→ Data section
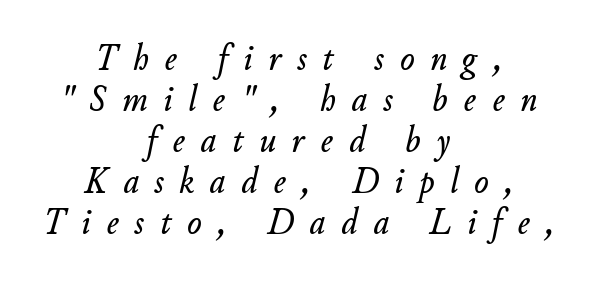
Q: Is the text italic (slanted)? A: Yes, it leans right by about 11 degrees.
Q: Is the text underlined? A: No.
Q: How is the paragraph aligned? A: Centered.
Q: Is the spacing between letters normal or unusually wide? A: Unusually wide.
Q: Is the spacing between lines tight, normal or loose? A: Tight.
Q: Width (condensed, normal, or wide)? A: Normal.
Q: Stroke contrast? A: Low.
Q: x-height? A: Small.
Q: Monospaced? A: No.
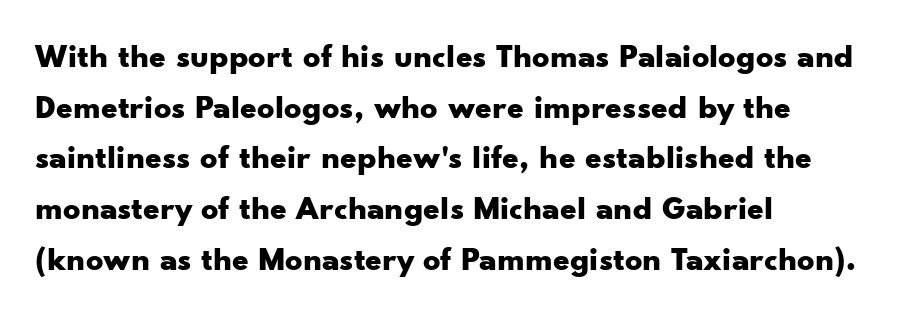
Characters follow at the spacing the type designer built in. Whoever set this chose a conventional vertical rhythm. Strong, thick strokes mark this as bold type. You could not count columns in this text — the font is proportionally spaced. Typographically, this falls in the sans-serif category. Clear beneath every line of the passage.
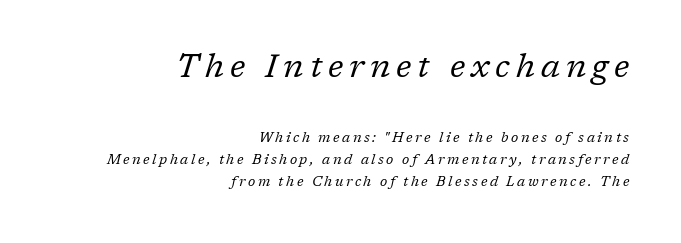
Q: Is the text bold? A: No.
Q: Is the text italic (slanted)? A: Yes, it leans right by about 17 degrees.
Q: Is the typeface a serif or a sans-serif typeface? A: Serif.
Q: Is the text underlined? A: No.
Q: How is the paragraph aligned? A: Right-aligned.
Q: Is the spacing between lines tight, normal or loose? A: Normal.
Q: Which block of text is set in a larger size, the first (top) or the second (bottom)? A: The first (top) one.
Q: Width (condensed, normal, or wide)? A: Normal.
Q: Stroke contrast? A: Low.
Q: x-height? A: Medium.
Q: Monospaced? A: No.
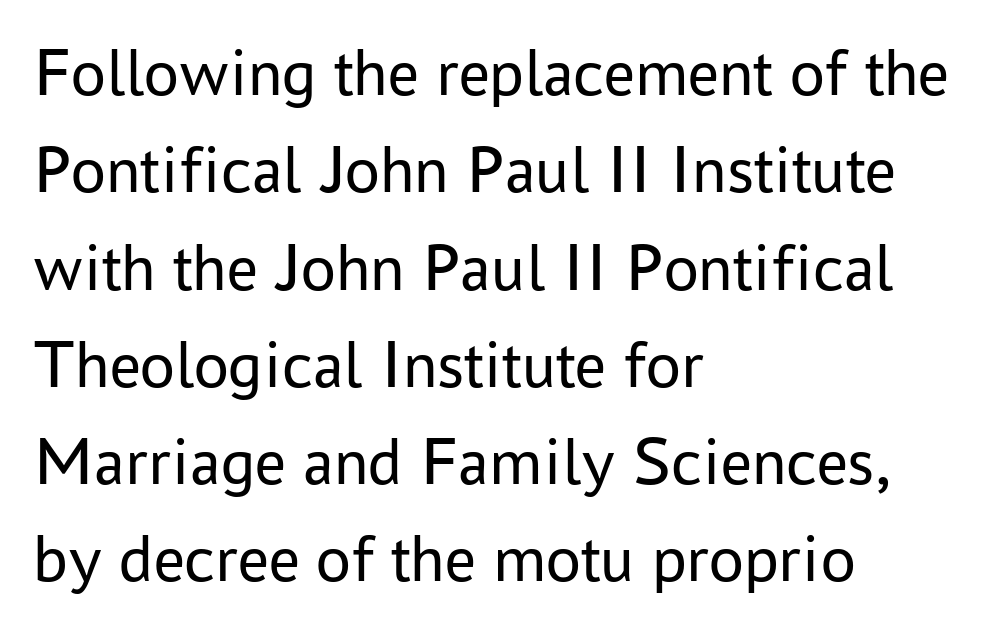
{"serif": "no", "italic": "no", "bold": "no", "weight": "regular", "width": "normal", "stroke_contrast": "low", "x_height": "medium", "monospaced": "no", "underline": "no", "align": "left", "line_spacing": "normal", "line_spacing_ratio": 1.41, "letter_spacing": "normal", "letter_spacing_em": 0.0, "glyph_px": 69}
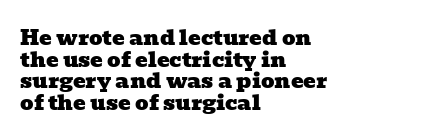
Q: Is the text underlined? A: No.
Q: How is the paragraph aligned? A: Left-aligned.
Q: Is the spacing between letters normal or unusually wide? A: Normal.
Q: Is the spacing between lines tight, normal or loose? A: Tight.
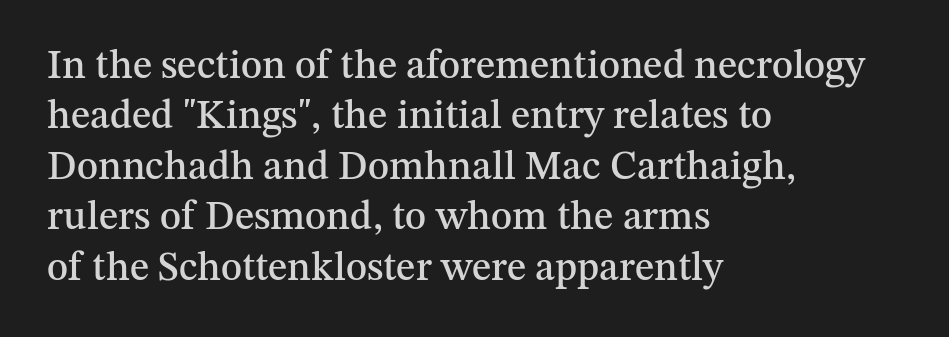
{"serif": "yes", "italic": "no", "width": "normal", "stroke_contrast": "medium", "x_height": "medium", "monospaced": "no", "underline": "no", "align": "left", "line_spacing": "normal", "line_spacing_ratio": 1.26, "letter_spacing": "normal", "letter_spacing_em": 0.0, "glyph_px": 40}
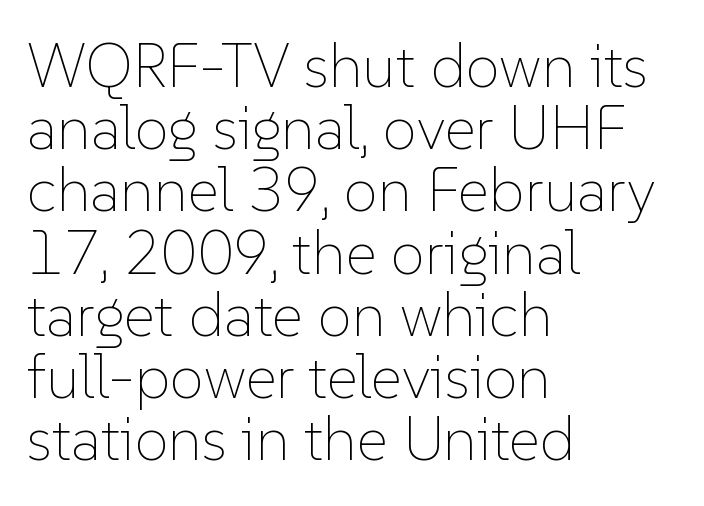
The image shows 61 px thin type, upright; set left-aligned, tight line spacing (1.02x), normal letter spacing, not underlined; low stroke contrast and a medium x-height.
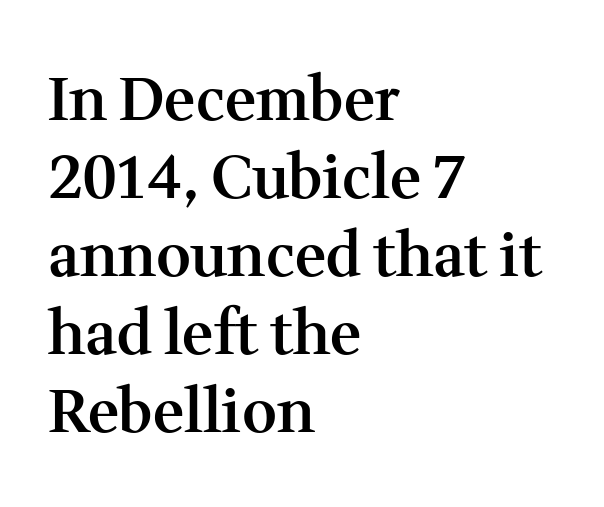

→ Task item
When a line above includes the word "text", please list that line.

→ Reply
Q: Is the text italic (slanted)? A: Yes, it leans right by about 11 degrees.
Q: Is the text underlined? A: No.
Characters follow at the spacing the type designer built in. Whoever set this chose a conventional vertical rhythm. Strong, thick strokes mark this as bold type. You could not count columns in this text — the font is proportionally spaced. Typographically, this falls in the sans-serif category. Clear beneath every line of the passage.
Q: Is the text bold? A: No.
Q: Is the text italic (slanted)? A: Yes, it leans right by about 17 degrees.
Q: Is the text underlined? A: No.
Q: Which block of text is set in a larger size, the first (top) or the second (bottom)? A: The first (top) one.
Q: Is the text underlined? A: No.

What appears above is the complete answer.